Presenting confidence ratings alongside energy estimates transformed how the results could be interpreted:

  • A wind estimate of 4,000 kWh with a confidence of 4/10 tells the user: this location probably has good wind resource, but conditions are highly variable and the actual yield could differ significantly. Proceed with caution; consider a site-specific assessment before investing.
  • A solar estimate of 1,800 kWh with a confidence of 9/10 tells the user: this is a reliable estimate. The station network agrees, the data is stable, and you can plan around this number with reasonable assurance.
  • A wind estimate of 1,200 kWh with a confidence of 8/10 tells the user: we're quite sure about this — and unfortunately, what we're sure about is that this isn't a good location for a wind turbine.
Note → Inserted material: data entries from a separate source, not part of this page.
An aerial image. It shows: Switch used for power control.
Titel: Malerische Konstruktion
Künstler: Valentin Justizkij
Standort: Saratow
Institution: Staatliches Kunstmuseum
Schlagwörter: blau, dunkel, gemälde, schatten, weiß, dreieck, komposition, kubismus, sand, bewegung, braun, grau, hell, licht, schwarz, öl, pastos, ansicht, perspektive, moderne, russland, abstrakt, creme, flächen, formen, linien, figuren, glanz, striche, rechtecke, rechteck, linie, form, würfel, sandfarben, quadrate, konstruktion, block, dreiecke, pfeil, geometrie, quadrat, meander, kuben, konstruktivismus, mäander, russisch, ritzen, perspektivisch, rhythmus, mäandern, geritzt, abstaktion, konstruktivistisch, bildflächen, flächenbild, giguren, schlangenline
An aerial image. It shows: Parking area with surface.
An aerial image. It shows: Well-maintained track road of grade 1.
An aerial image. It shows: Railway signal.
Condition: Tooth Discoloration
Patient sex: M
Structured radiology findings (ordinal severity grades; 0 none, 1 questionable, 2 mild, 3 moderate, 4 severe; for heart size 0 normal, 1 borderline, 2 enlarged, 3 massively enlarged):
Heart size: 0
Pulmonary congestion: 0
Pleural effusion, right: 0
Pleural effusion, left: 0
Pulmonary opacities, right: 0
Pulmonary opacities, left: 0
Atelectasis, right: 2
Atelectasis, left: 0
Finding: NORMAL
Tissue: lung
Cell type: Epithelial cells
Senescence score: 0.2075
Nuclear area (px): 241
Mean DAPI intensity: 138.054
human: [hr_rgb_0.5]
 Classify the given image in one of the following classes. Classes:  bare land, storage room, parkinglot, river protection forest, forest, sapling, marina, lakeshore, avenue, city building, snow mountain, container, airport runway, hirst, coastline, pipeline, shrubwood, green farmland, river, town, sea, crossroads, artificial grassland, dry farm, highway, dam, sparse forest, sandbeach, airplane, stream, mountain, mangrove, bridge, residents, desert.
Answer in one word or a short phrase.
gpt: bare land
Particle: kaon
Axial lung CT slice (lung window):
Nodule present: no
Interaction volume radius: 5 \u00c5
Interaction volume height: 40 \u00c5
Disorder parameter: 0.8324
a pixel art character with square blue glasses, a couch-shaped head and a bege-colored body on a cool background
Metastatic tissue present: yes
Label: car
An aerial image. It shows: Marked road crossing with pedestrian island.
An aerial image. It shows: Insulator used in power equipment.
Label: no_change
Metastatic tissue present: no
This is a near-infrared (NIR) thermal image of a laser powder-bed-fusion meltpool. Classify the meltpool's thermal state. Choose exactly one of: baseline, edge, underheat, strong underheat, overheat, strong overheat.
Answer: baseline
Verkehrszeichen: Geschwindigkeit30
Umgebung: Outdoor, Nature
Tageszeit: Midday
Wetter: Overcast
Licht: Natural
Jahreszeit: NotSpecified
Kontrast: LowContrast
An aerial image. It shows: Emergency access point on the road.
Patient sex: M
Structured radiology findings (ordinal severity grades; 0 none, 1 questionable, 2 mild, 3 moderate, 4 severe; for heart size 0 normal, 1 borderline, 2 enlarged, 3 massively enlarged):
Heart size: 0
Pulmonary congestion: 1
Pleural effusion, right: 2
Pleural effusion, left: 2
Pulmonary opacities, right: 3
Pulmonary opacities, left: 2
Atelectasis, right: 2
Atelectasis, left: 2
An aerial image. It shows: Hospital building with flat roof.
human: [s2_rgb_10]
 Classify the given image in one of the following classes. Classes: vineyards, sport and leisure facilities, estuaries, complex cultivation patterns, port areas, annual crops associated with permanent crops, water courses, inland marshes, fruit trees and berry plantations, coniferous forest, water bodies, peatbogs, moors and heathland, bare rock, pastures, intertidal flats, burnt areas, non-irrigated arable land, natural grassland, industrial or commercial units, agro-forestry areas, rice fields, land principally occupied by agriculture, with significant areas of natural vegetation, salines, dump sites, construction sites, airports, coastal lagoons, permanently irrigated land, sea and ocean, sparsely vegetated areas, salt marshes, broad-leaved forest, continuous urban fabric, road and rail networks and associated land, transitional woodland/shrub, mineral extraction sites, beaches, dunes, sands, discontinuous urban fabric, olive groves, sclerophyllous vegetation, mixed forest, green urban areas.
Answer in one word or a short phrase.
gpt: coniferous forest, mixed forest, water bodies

The third case is arguably the most valuable. High confidence in a low estimate is more useful than low confidence in a high one. It prevents wasted investment and redirects attention to where it'll actually pay off.

Applicability beyond energy

The framework described here — combining network-based and distribution-based uncertainty into a composite confidence score — is applicable wherever spatial interpolation is used to estimate continuous variables from point observations:

  • Air quality modelling — sensor networks with uneven coverage and pollutants that vary sharply over short distances (much like wind)
  • Noise mapping — where measurement points are sparse and local topography creates dramatic variation
  • Property valuation — where comparable sales are the "stations" and market volatility is the distribution characteristic
  • Agricultural yield estimation — where soil sample points inform predictions across entire fields, but soil composition can change within metres

In each case, the principle holds: the most responsible thing a model can do is quantify its own ignorance. An estimate without a confidence rating is a claim without evidence. Adding uncertainty doesn't weaken the output — it makes it honest, and honest estimates are the ones people can actually make decisions from.